The following list of labs is proposed in the different subfolders of the labs folder.

  1. Self-evaluation (1 hour). This lab is a self-evaluation of your Python skills. It is required to enroll in the course. A small solution will be delivered at the beginning of the lab session.
  2. River sensor calibration (4 hours). This lab allow to perform a first simple machine learning task: the calibration of a river sensor with supervised learning, where the goal is to predict the suspended sediment concentration from the turbidity of the water.
  3. Lidar data classification (~8 hours). In this lab, we will classify lidar cloud points into different classes using supervised machine learning tools. Since this is a more complex task, we will take more time to complete it.
  4. Deep learning classification of MNIST (~4 hours). In this lab, we will use deep learning to classify the MNIST dataset with a fully connected neural network, and then with a convolutional neural network.

The solution to the different labs will be proposed progressively during the course in the corresponding folders. Note that the solutions provided are not necessarily the best ones. The main idea of these sessions is for you to be overly curious and to try to find the solutions that best fit your needs, and your understanding of the problem. Some of you may complete the tasks at a faster pace than others, and we encourage you to help your peers during the labs, and also to explore further aspects of the problems that are not covered in the labs.
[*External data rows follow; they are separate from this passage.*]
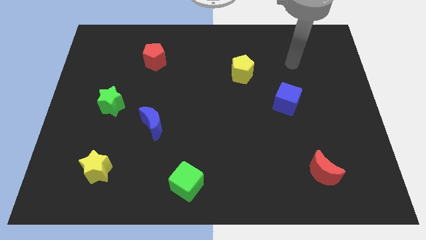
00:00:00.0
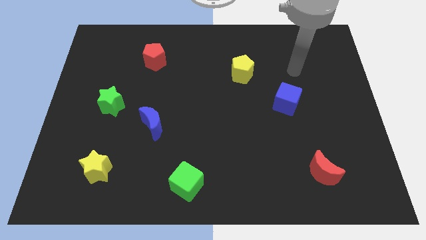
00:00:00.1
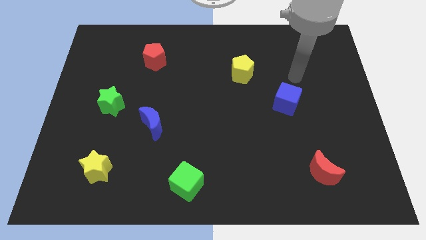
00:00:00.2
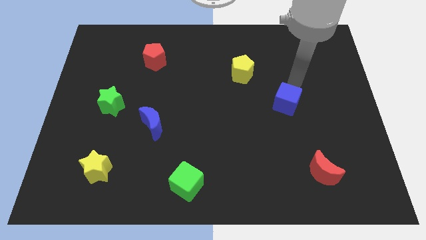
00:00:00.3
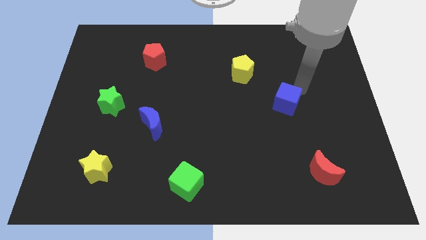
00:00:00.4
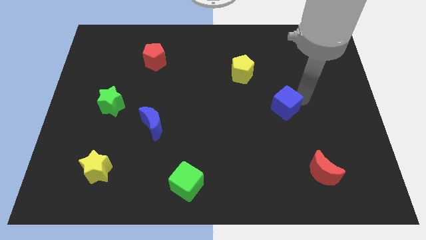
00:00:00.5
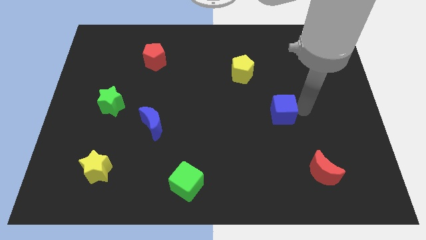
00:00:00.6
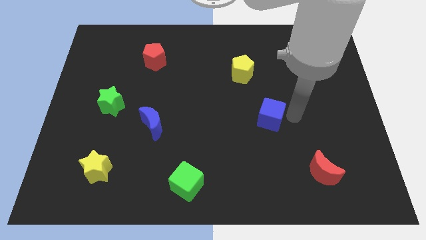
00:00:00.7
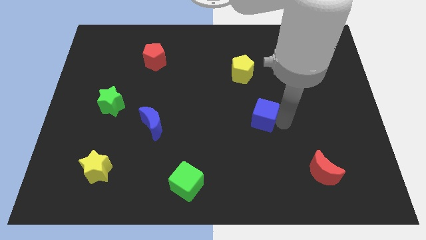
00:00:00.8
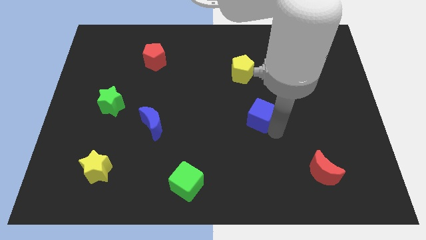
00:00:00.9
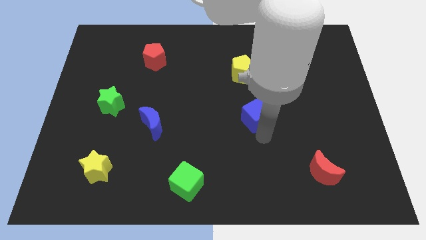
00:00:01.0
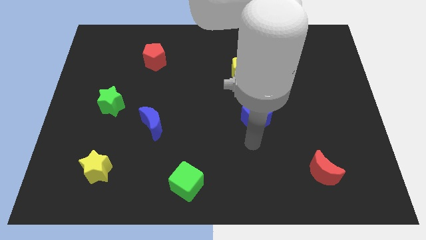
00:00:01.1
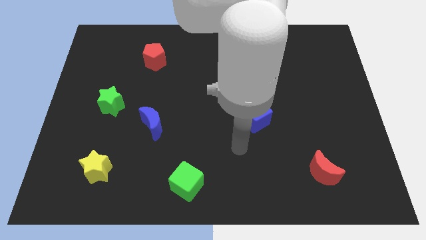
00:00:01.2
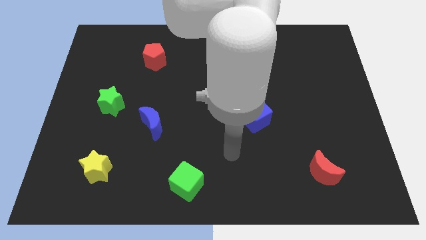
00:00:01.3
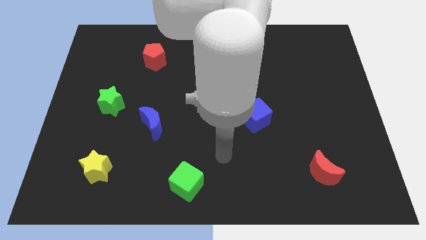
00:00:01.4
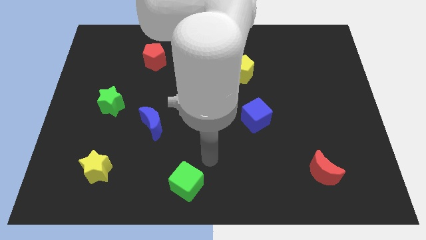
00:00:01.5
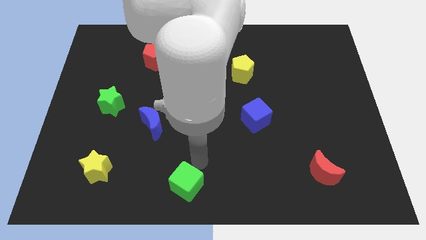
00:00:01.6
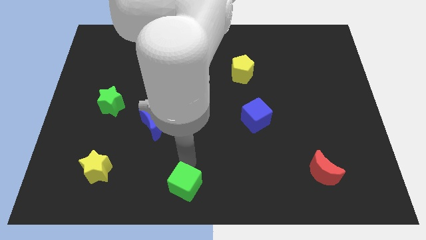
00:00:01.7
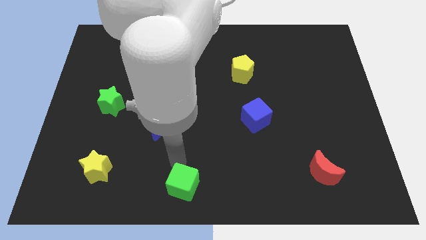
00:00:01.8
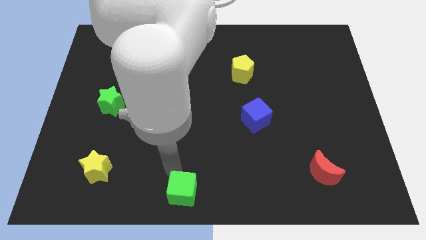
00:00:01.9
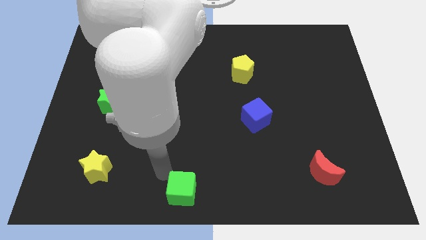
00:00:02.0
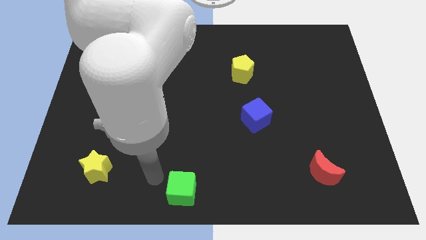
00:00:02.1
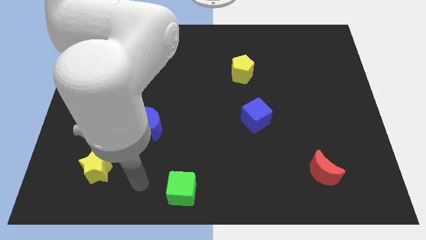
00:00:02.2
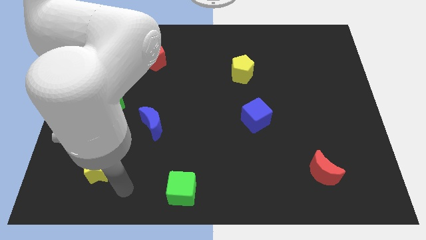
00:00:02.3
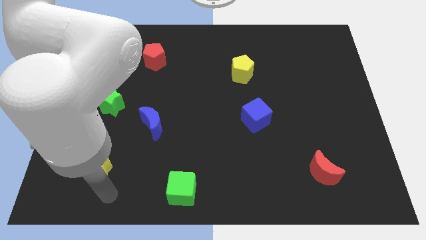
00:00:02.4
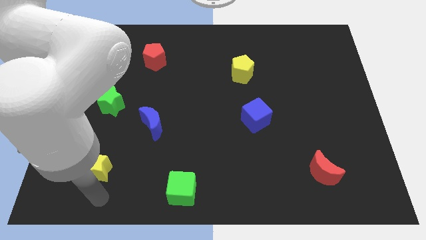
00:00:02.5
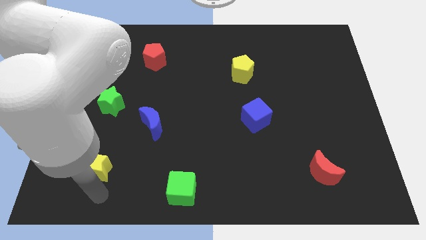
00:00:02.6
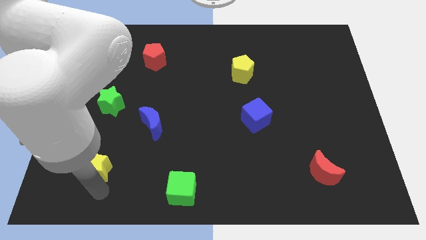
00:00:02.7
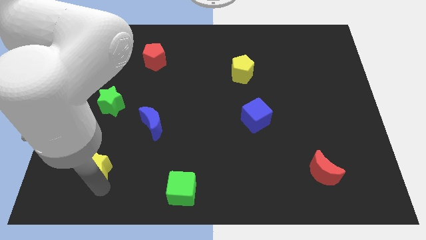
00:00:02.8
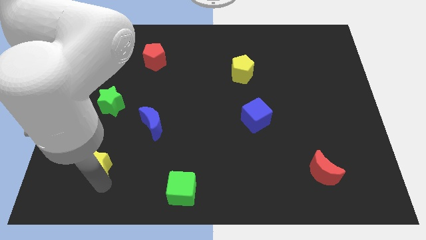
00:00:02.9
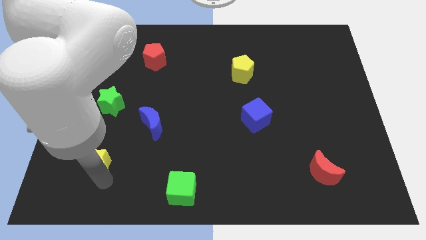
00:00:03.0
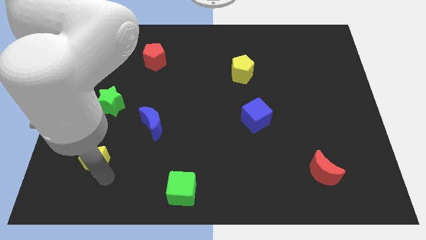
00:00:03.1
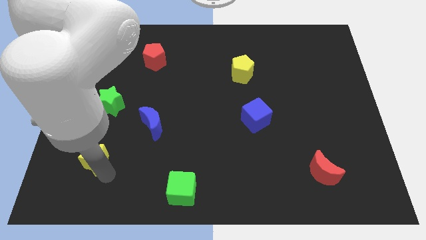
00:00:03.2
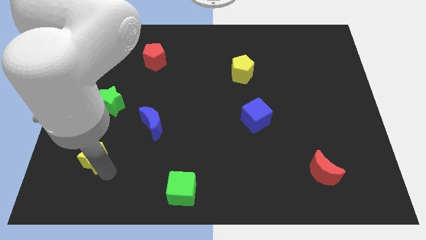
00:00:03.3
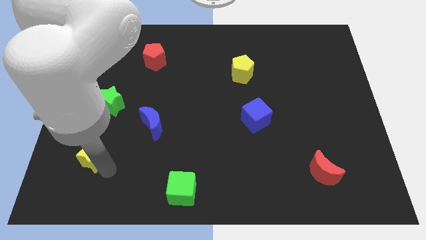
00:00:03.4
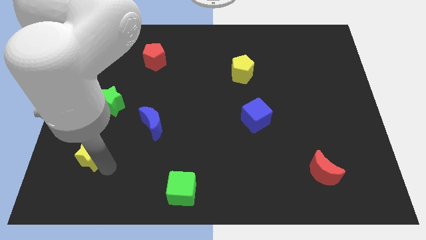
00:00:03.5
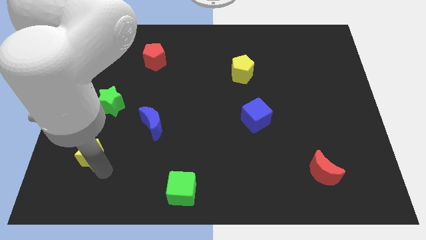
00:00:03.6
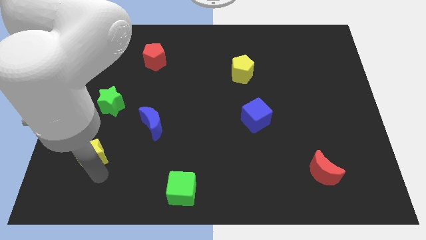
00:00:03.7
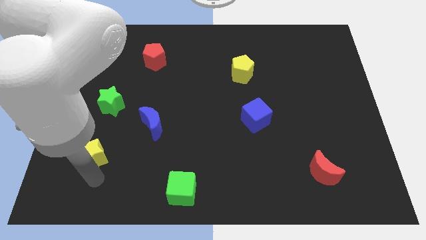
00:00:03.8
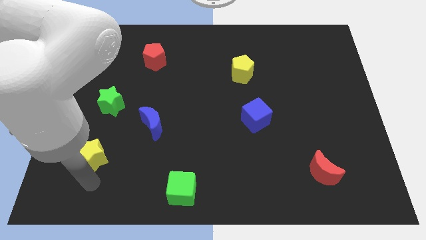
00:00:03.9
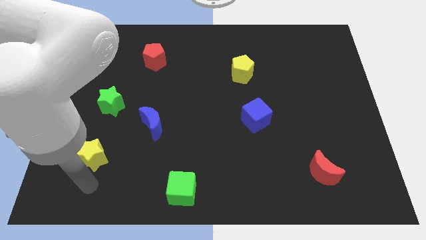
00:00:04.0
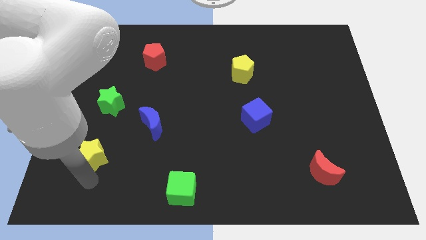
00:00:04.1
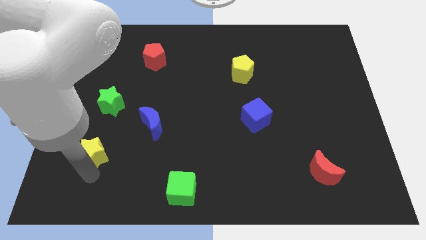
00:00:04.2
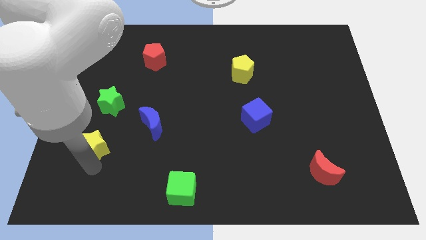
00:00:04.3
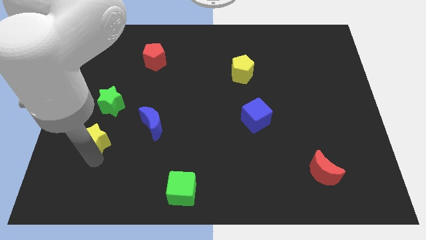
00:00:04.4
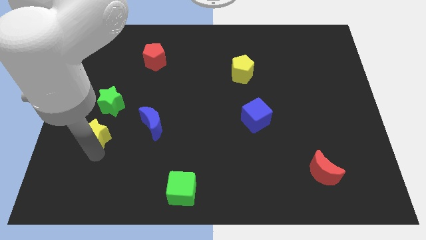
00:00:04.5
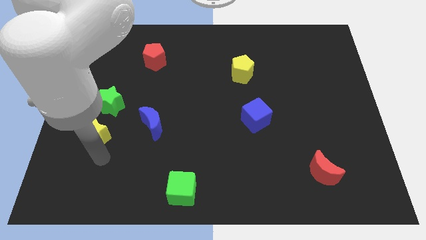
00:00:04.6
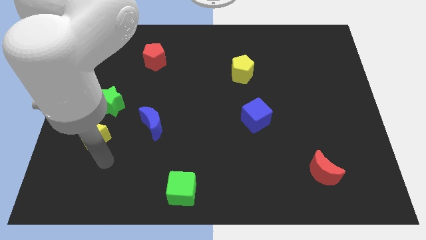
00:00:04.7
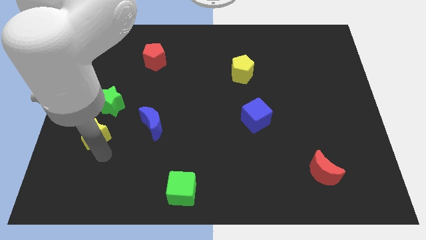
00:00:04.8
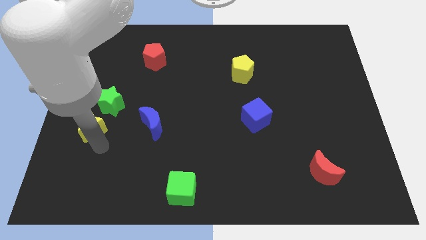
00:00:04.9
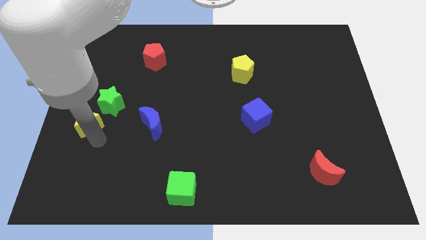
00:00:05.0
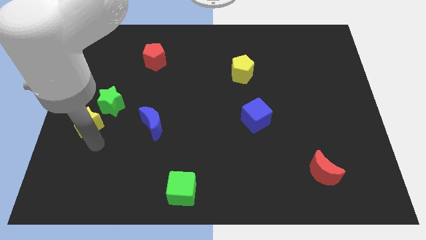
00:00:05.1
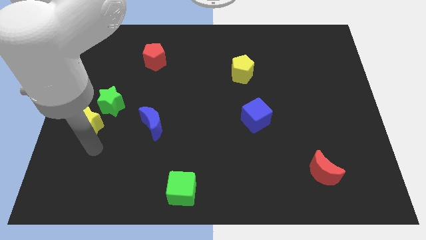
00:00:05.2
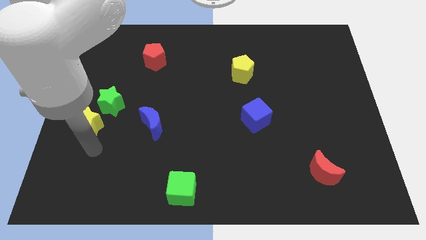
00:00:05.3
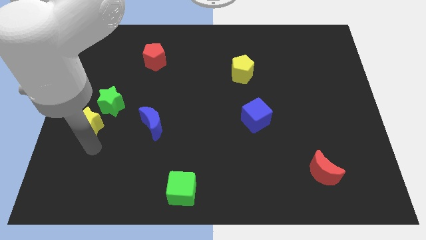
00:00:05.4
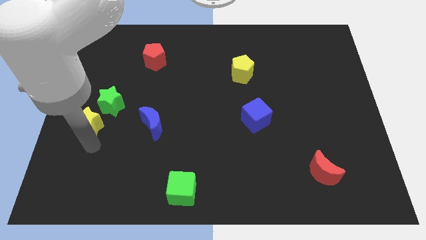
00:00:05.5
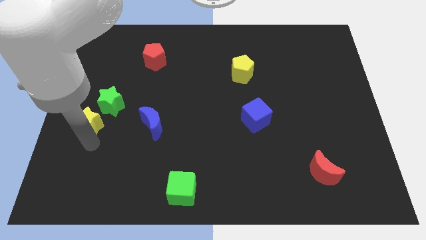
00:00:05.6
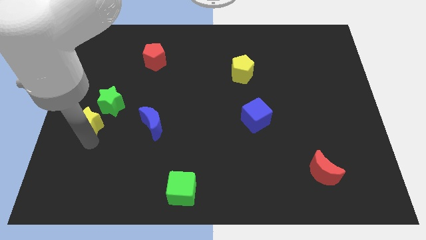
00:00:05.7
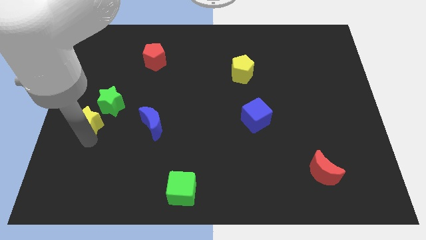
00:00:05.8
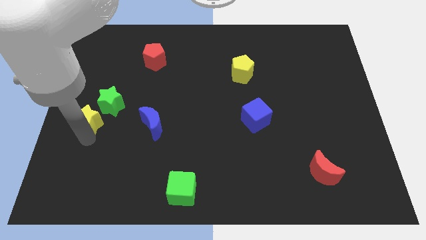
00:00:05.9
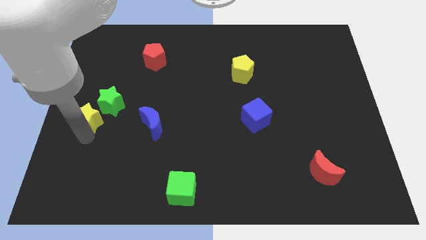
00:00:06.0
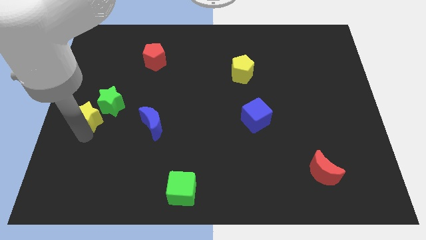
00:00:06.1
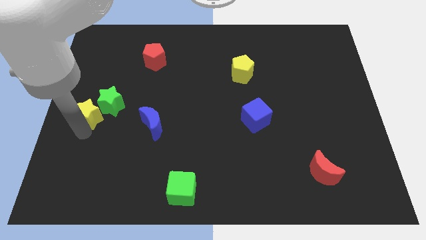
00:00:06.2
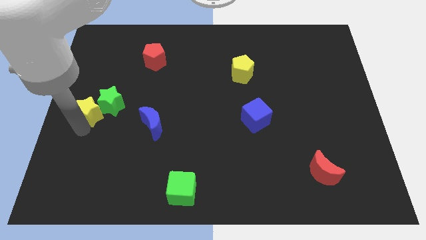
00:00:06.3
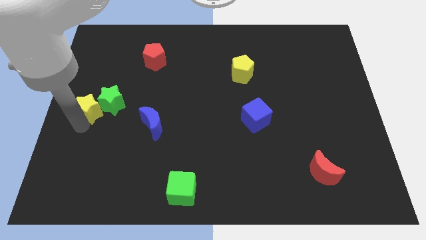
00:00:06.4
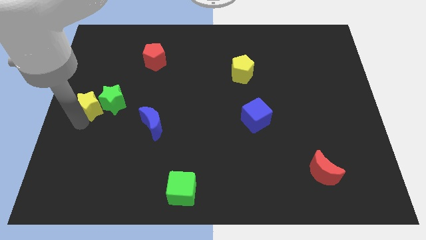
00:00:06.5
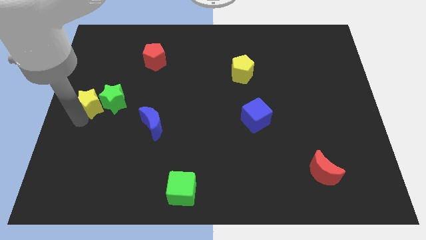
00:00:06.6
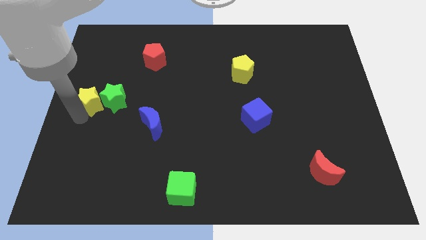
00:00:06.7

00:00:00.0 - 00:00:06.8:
slide the yellow star diagonally up and to the left of the green star

Running the labs on the Youpisco virtual machine

The easiest way to run most notebooks of this course is to connect to Youpisco, a virtual machine specifically designed for the course. You can connect to Youpisco at the following address only from the local IPGP network: https://youpisco.ipgp.fr. Note that the first time you connect, you can create an account with your choice of username and password. Opening a page on Youpisco will open a Jupyter notebook interface as the screenshot shown below.

Youpisco welcome screen

Once at that stage, you can open a terminal by clicking on the Terminal button on the launcher, navigate to your favorite directory (typically, on your home directory) and clone this repository by running the following command:

git clone https://github.com/leonard-seydoux/earth-data-science-public.git

This command should download the repository in a folder called earth-data-science-public, visible on the left panel of the Jupyter interface. You can then navigate to the earth-data-science-public folder and open the notebooks in the labs folder therin. Once open, you can start executing the cells by ensuring that the kernel is set to Python 3 (Earth Data Science).

Running the labs on your own machine

If you prefer, you can also run the notebooks on your own machine. To do so, you must install the required packages. The easiest way to do so is to use the conda package manager, and to create a new environment with the required packages listed in the file requirements.txt. To do so, you can run the following commands in a terminal:

conda env create -f requirements.txt
conda activate eds

If you prefer this solution, please make sure you have a good knowledge of Python and the package manager conda.